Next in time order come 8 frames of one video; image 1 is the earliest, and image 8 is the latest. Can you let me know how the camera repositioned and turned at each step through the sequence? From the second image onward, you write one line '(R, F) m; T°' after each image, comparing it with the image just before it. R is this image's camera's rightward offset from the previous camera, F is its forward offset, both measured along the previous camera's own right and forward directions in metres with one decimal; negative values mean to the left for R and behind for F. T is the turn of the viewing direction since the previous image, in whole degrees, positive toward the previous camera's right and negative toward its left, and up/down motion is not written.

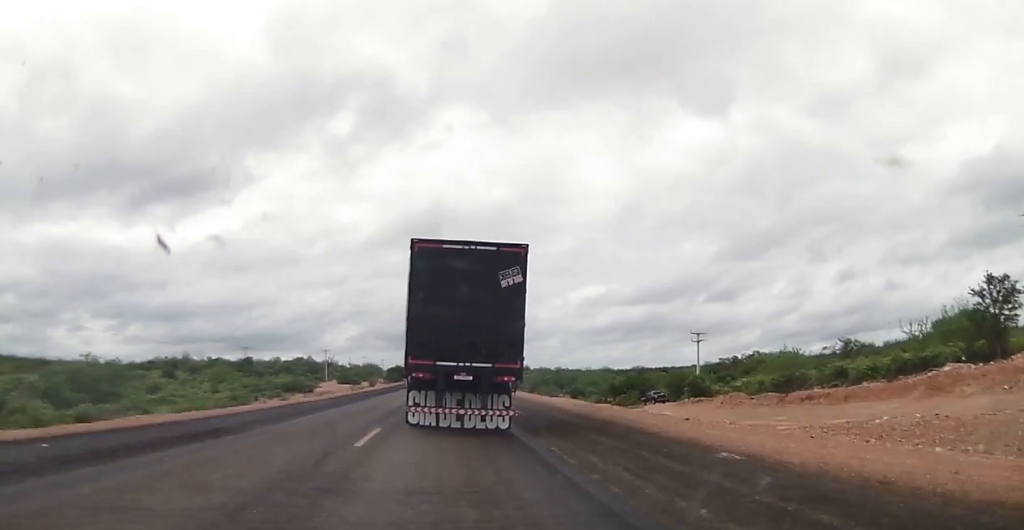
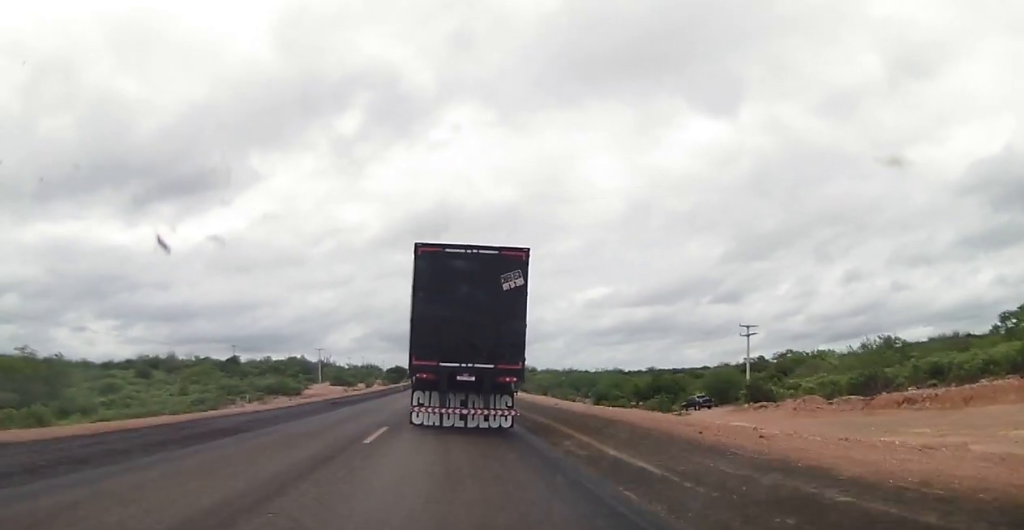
(0.0, +15.8) m; 0°
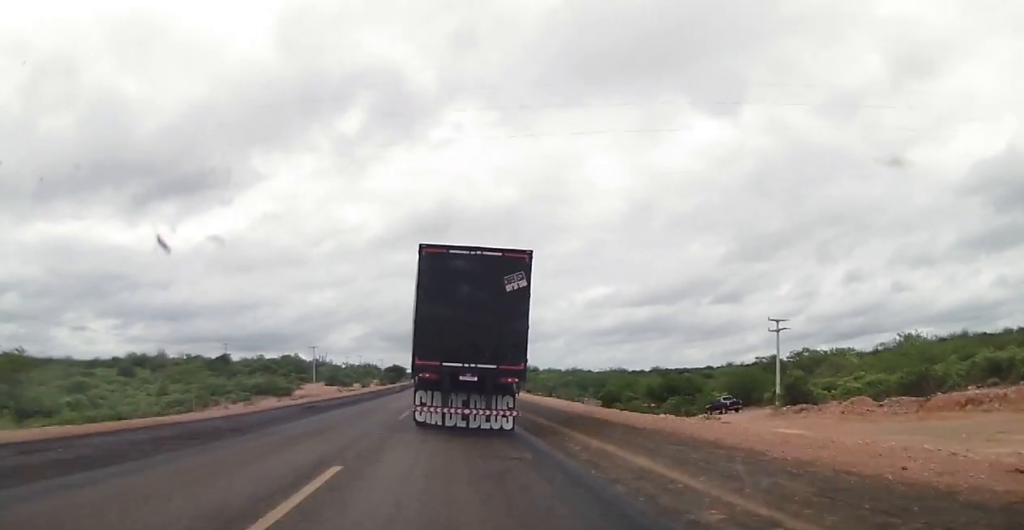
(0.0, +8.0) m; 0°
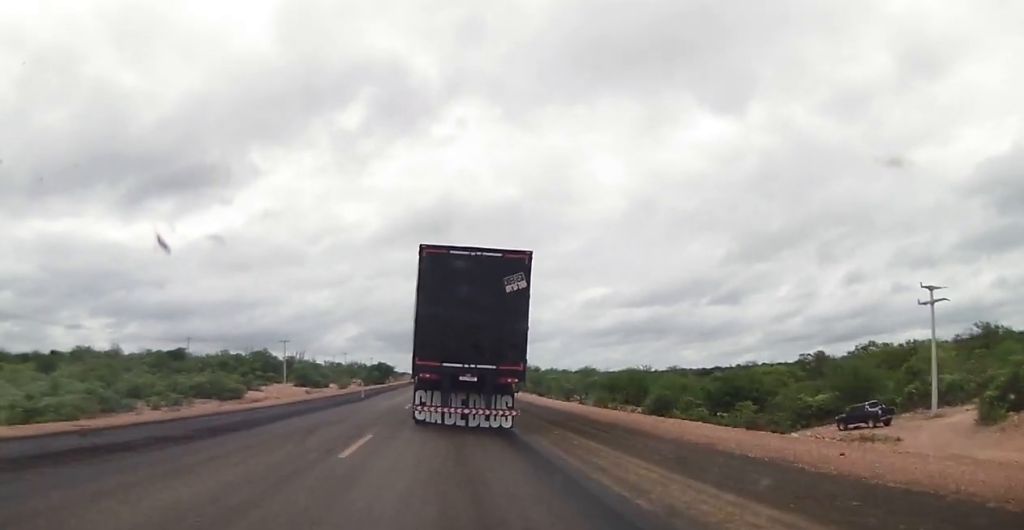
(+0.4, +27.7) m; +2°
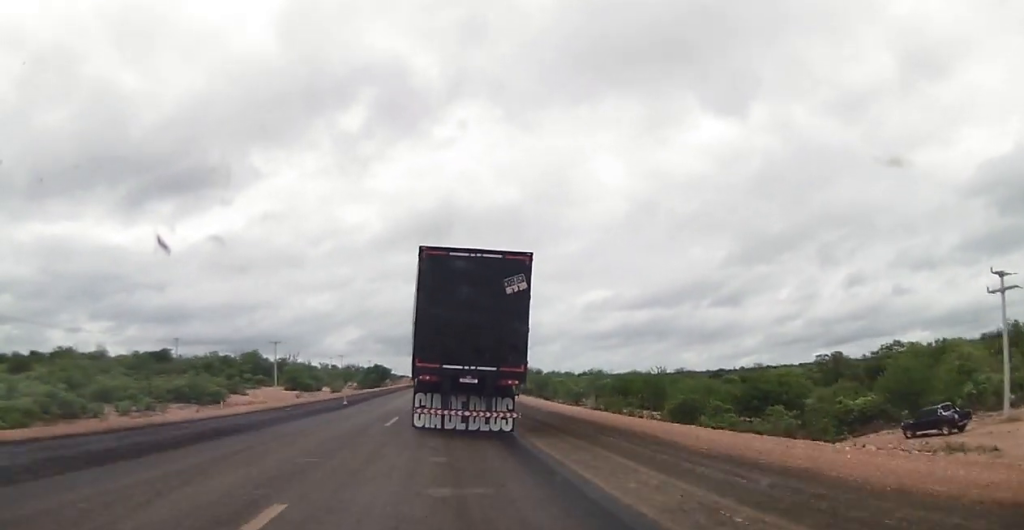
(+0.3, +8.0) m; 0°
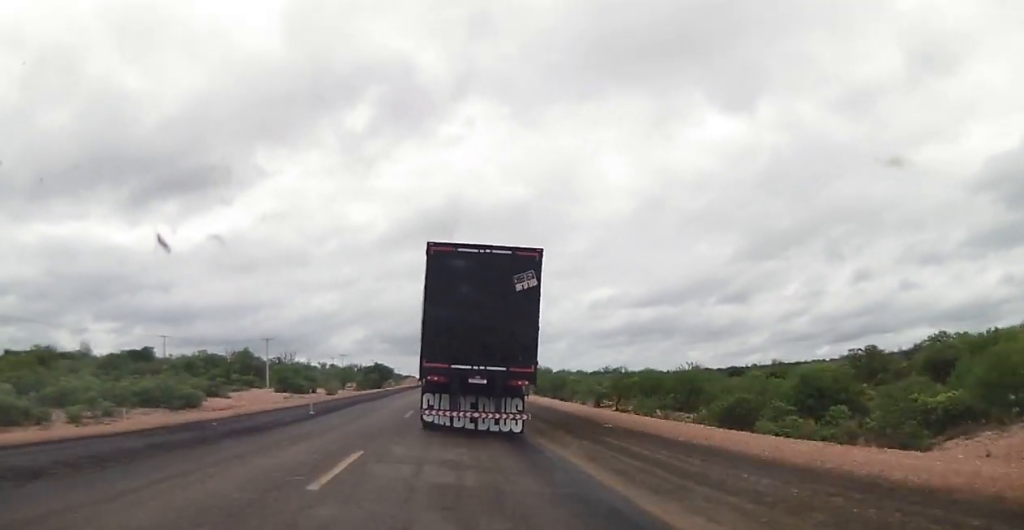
(-0.3, +11.4) m; -1°
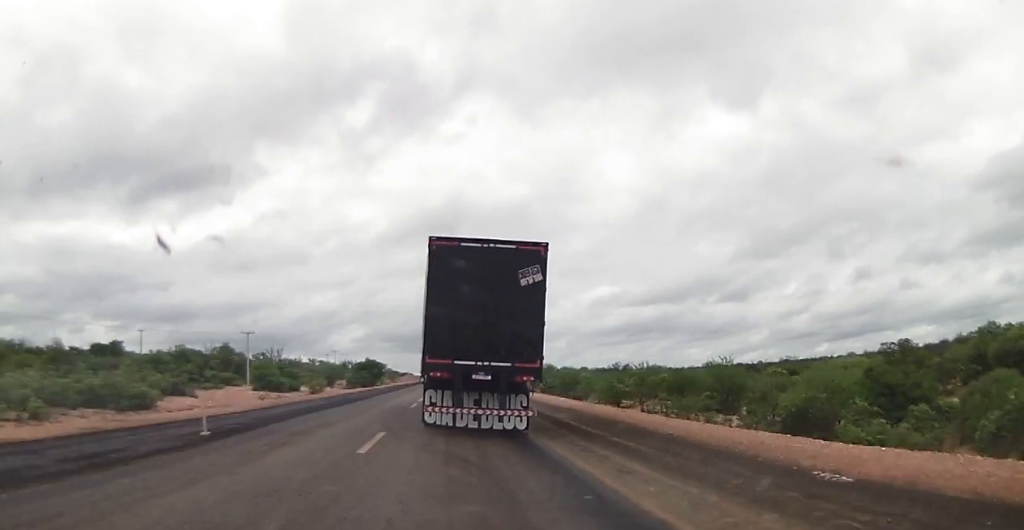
(-0.2, +12.6) m; -1°
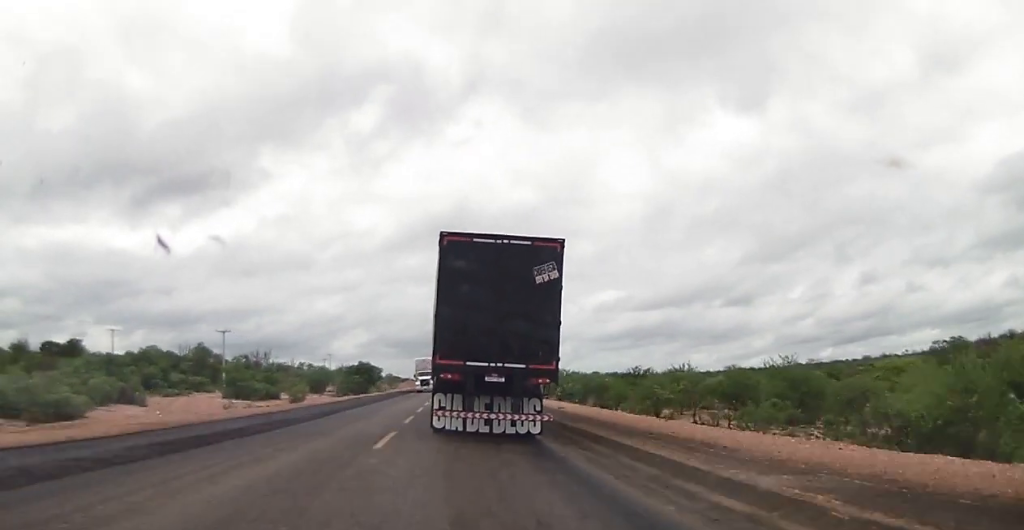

- What you have to do -
If an entry contains an image, please omit that image and print everything else verbatim.

- Answer to the exercise -
Next in time order come 8 frames of one video; image 1 is the earliest, and image 8 is the latest. Can you let me know how the camera repositioned and turned at each step through the sequence? From the second image onward, you write one line '(R, F) m; T°' after each image, comparing it with the image just before it. R is this image's camera's rightward offset from the previous camera, F is its forward offset, both measured along the previous camera's own right and forward directions in metres with one decimal; negative values mean to the left for R and behind for F. T is the turn of the viewing direction since the previous image, in whole degrees, positive toward the previous camera's right and negative toward its left, and up/down motion is not written.

(0.0, +15.8) m; 0°
(0.0, +8.0) m; 0°
(+0.4, +27.7) m; +2°
(+0.3, +8.0) m; 0°
(-0.3, +11.4) m; -1°
(-0.2, +12.6) m; -1°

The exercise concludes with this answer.